She picked a long spear of grass from the turf before her, twisted it
absently in her fingers, then turned to him slowly. Her lips parted as if
to speak. Then she turned away again. The action was so odd, and somehow,
as she did it, so adorable, and the preserved silence was such a bond
between them, that for his life he could not have helped moving half-way
up the bench toward her.
"What is it?" he asked; and he spoke in a whisper he might have used at
the bedside of a dying friend. He would not have laughed if he had known
he did so. She twisted the spear of grass into a little ball and threw it
at a stone in the water before she answered.
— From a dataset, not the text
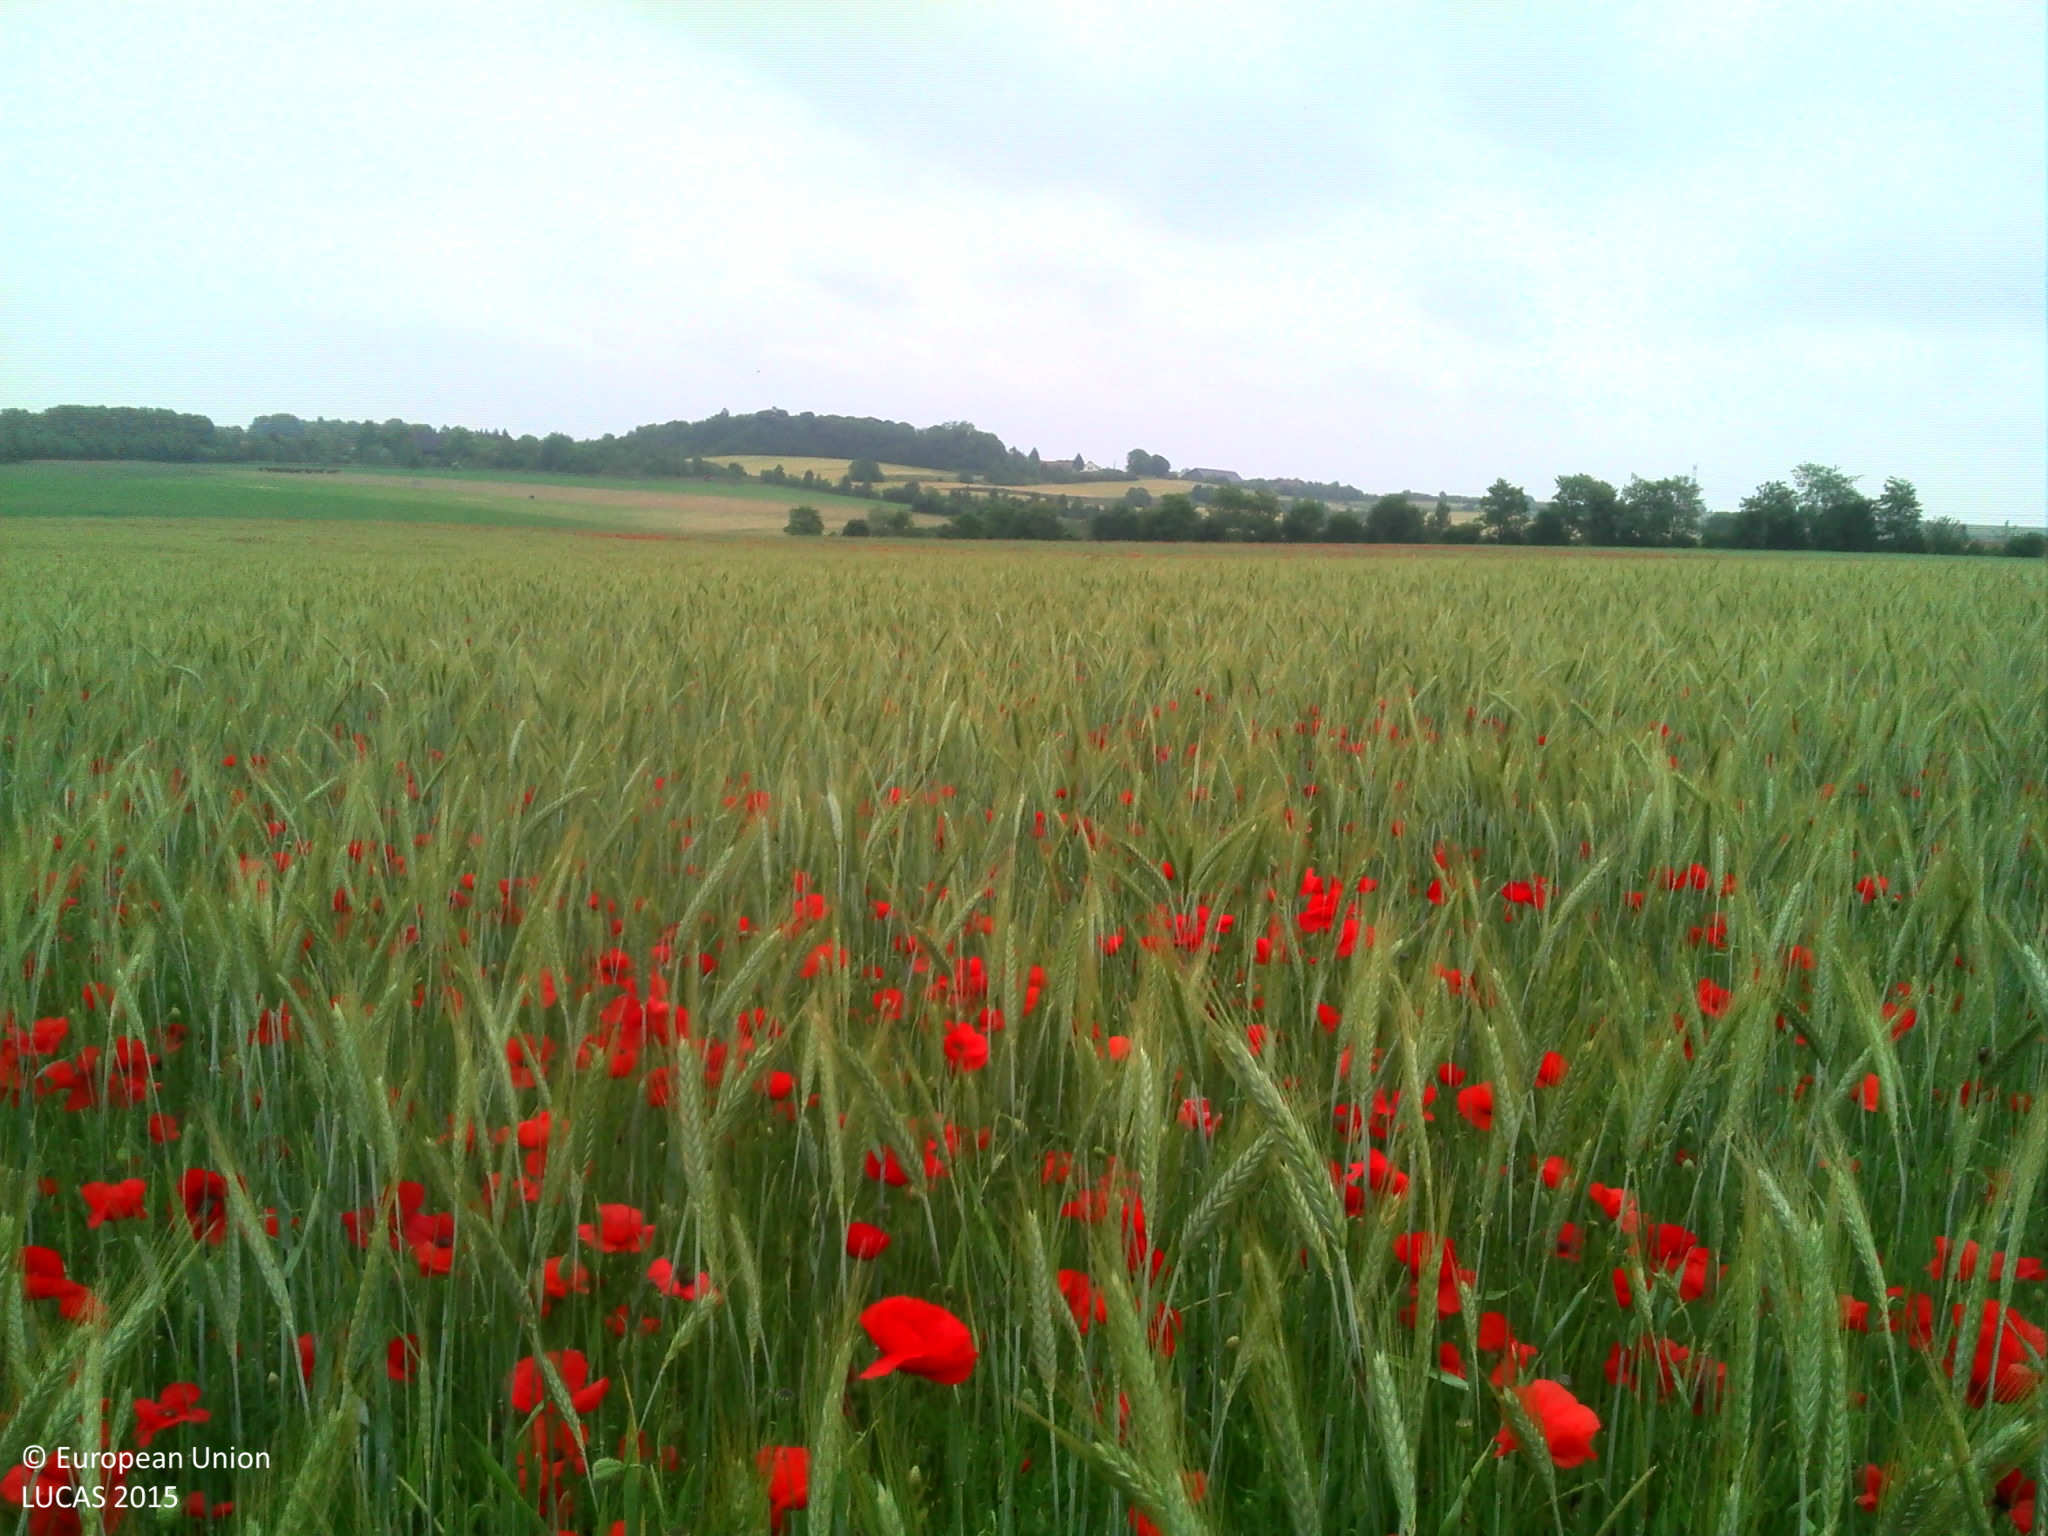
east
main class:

"Do you know, Mr. Harkless, you and I haven't 'met,' have we? Didn't we
forget to be presented to each other?"
"I beg your pardon. Miss Sherwood. In the perturbation of comedy I
forgot."
"It was melodrama, wasn't it?" she said. He laughed, but she shook her
head.
"Comedy," he answered, "except your part of it, which you shouldn't have
done. It was not arranged in honor of 'visiting ladies.' But you mustn't
think me a comedian. Truly, I didn't plan it. My friend from Six-Cross-
Roads must be given the credit of devising the scene-though you divined
it!"
"It was a little too picturesque, I think. I know about Six-Cross-Roads.
Please tell me what you mean to do."
"Nothing. What should I?"
"You mean that you will keep on letting them shoot at you, until they--
until you--" She struck the bench angrily with her hand.
"There's no summer theatre in Six-Cross-Roads; there's not even a church.
Why shouldn't they?" he asked gravely. "During the long and tedious
evenings it cheers the poor Cross-Reader's soul to drop over here and take
a shot at me. It whiles away dull care for him, and he has the additional
exercise of running all the way home."
"Ah!" she cried indignantly, "they told me you always answered like this!"
"Well, you see the Cross-Roads efforts have proved so purely hygienic for
me. As a patriot I have sometimes felt extreme mortification that such bad
marksmanship should exist in the county, but I console myself with the
thought that their best shots are unhappily in the penitentiary."
"There are many left. Can't you understand that they will organize again
and come in a body, as they did before you broke them up? And then, if
they come on a night when they know you are wandering out of town----"
"You have not the advantage of an intimate study of the most exclusive
people of the Cross-Roads, Miss Sherwood. There are about twenty gentlemen
who remain in that neighborhood while their relatives sojourn under
discipline. If you had the entree over there, you would understand that
these twenty could not gather themselves into a company and march the
seven miles without physical debate in the ranks. They are not precisely
amiable people, even amongst themselves. They would quarrel and shoot
each other to pieces long before they got here."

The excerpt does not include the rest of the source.